## Exercise requirements
From the first line to the last, repeat the data exactly but leave out the pictures.

Source records:

* * *

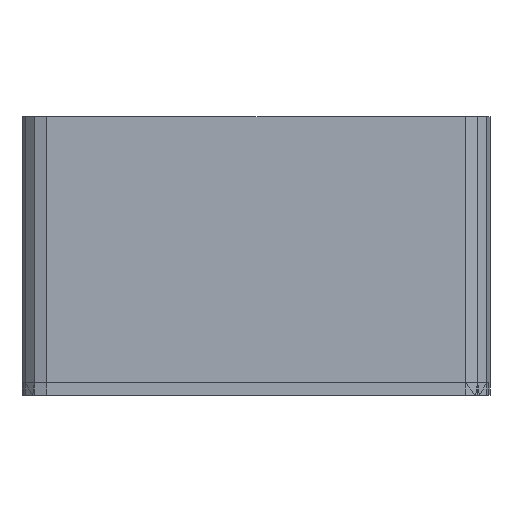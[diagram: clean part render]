
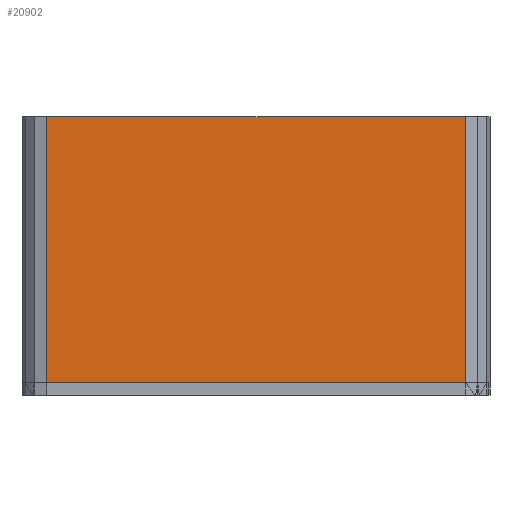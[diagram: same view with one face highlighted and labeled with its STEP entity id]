
A CAD part, front view. The second image highlights one B-rep face of the part: STEP entity #20902.
In plain terms, the highlighted planar face has unit normal (0, -1, 0).
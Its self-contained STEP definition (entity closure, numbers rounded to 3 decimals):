
#13634 = VERTEX_POINT('',#13635);
#13635 = CARTESIAN_POINT('',(85.,-85.,
    5.));
#13641 = EDGE_CURVE('',#13642,#13634,#13644,.T.);
#13642 = VERTEX_POINT('',#13643);
#13643 = CARTESIAN_POINT('',(-85.,-85.,
    5.));
#13644 = LINE('',#13645,#13646);
#13645 = CARTESIAN_POINT('',(-44.075,-85.,
    5.));
#13646 = VECTOR('',#13647,1.);
#13647 = DIRECTION('',(1.,0.,0.));
#14978 = VERTEX_POINT('',#14979);
#14979 = CARTESIAN_POINT('',(-85.,-85.,
    113.));
#14987 = EDGE_CURVE('',#14988,#14978,#14990,.T.);
#14988 = VERTEX_POINT('',#14989);
#14989 = CARTESIAN_POINT('',(85.,-85.,
    113.));
#14990 = LINE('',#14991,#14992);
#14991 = CARTESIAN_POINT('',(85.,-85.,
    113.));
#14992 = VECTOR('',#14993,1.);
#14993 = DIRECTION('',(-1.,0.,0.));
#20891 = EDGE_CURVE('',#14978,#13642,#20892,.T.);
#20892 = LINE('',#20893,#20894);
#20893 = CARTESIAN_POINT('',(-85.,-85.,
    113.));
#20894 = VECTOR('',#20895,1.);
#20895 = DIRECTION('',(0.,0.,-1.));
#20902 = ADVANCED_FACE('',(#20903),#20914,.T.);
#20903 = FACE_BOUND('',#20904,.T.);
#20904 = EDGE_LOOP('',(#20905,#20906,#20912,#20913));
#20905 = ORIENTED_EDGE('',*,*,#13641,.T.);
#20906 = ORIENTED_EDGE('',*,*,#20907,.T.);
#20907 = EDGE_CURVE('',#13634,#14988,#20908,.T.);
#20908 = LINE('',#20909,#20910);
#20909 = CARTESIAN_POINT('',(85.,-85.,
    5.));
#20910 = VECTOR('',#20911,1.);
#20911 = DIRECTION('',(0.,0.,1.));
#20912 = ORIENTED_EDGE('',*,*,#14987,.T.);
#20913 = ORIENTED_EDGE('',*,*,#20891,.T.);
#20914 = PLANE('',#20915);
#20915 = AXIS2_PLACEMENT_3D('',#20916,#20917,#20918);
#20916 = CARTESIAN_POINT('',(0.,-85.,59.));
#20917 = DIRECTION('',(-0.,-1.,-0.));
#20918 = DIRECTION('',(0.,0.,-1.));

* * *

## Exercise output
[diagram: clean part render]
[diagram: same view with one face highlighted and labeled with its STEP entity id]
A CAD part, front view. The second image highlights one B-rep face of the part: STEP entity #20902.
In plain terms, the highlighted planar face has unit normal (0, -1, 0).
Its self-contained STEP definition (entity closure, numbers rounded to 3 decimals):
#13634 = VERTEX_POINT('',#13635);
#13635 = CARTESIAN_POINT('',(85.,-85.,
    5.));
#13641 = EDGE_CURVE('',#13642,#13634,#13644,.T.);
#13642 = VERTEX_POINT('',#13643);
#13643 = CARTESIAN_POINT('',(-85.,-85.,
    5.));
#13644 = LINE('',#13645,#13646);
#13645 = CARTESIAN_POINT('',(-44.075,-85.,
    5.));
#13646 = VECTOR('',#13647,1.);
#13647 = DIRECTION('',(1.,0.,0.));
#14978 = VERTEX_POINT('',#14979);
#14979 = CARTESIAN_POINT('',(-85.,-85.,
    113.));
#14987 = EDGE_CURVE('',#14988,#14978,#14990,.T.);
#14988 = VERTEX_POINT('',#14989);
#14989 = CARTESIAN_POINT('',(85.,-85.,
    113.));
#14990 = LINE('',#14991,#14992);
#14991 = CARTESIAN_POINT('',(85.,-85.,
    113.));
#14992 = VECTOR('',#14993,1.);
#14993 = DIRECTION('',(-1.,0.,0.));
#20891 = EDGE_CURVE('',#14978,#13642,#20892,.T.);
#20892 = LINE('',#20893,#20894);
#20893 = CARTESIAN_POINT('',(-85.,-85.,
    113.));
#20894 = VECTOR('',#20895,1.);
#20895 = DIRECTION('',(0.,0.,-1.));
#20902 = ADVANCED_FACE('',(#20903),#20914,.T.);
#20903 = FACE_BOUND('',#20904,.T.);
#20904 = EDGE_LOOP('',(#20905,#20906,#20912,#20913));
#20905 = ORIENTED_EDGE('',*,*,#13641,.T.);
#20906 = ORIENTED_EDGE('',*,*,#20907,.T.);
#20907 = EDGE_CURVE('',#13634,#14988,#20908,.T.);
#20908 = LINE('',#20909,#20910);
#20909 = CARTESIAN_POINT('',(85.,-85.,
    5.));
#20910 = VECTOR('',#20911,1.);
#20911 = DIRECTION('',(0.,0.,1.));
#20912 = ORIENTED_EDGE('',*,*,#14987,.T.);
#20913 = ORIENTED_EDGE('',*,*,#20891,.T.);
#20914 = PLANE('',#20915);
#20915 = AXIS2_PLACEMENT_3D('',#20916,#20917,#20918);
#20916 = CARTESIAN_POINT('',(0.,-85.,59.));
#20917 = DIRECTION('',(-0.,-1.,-0.));
#20918 = DIRECTION('',(0.,0.,-1.));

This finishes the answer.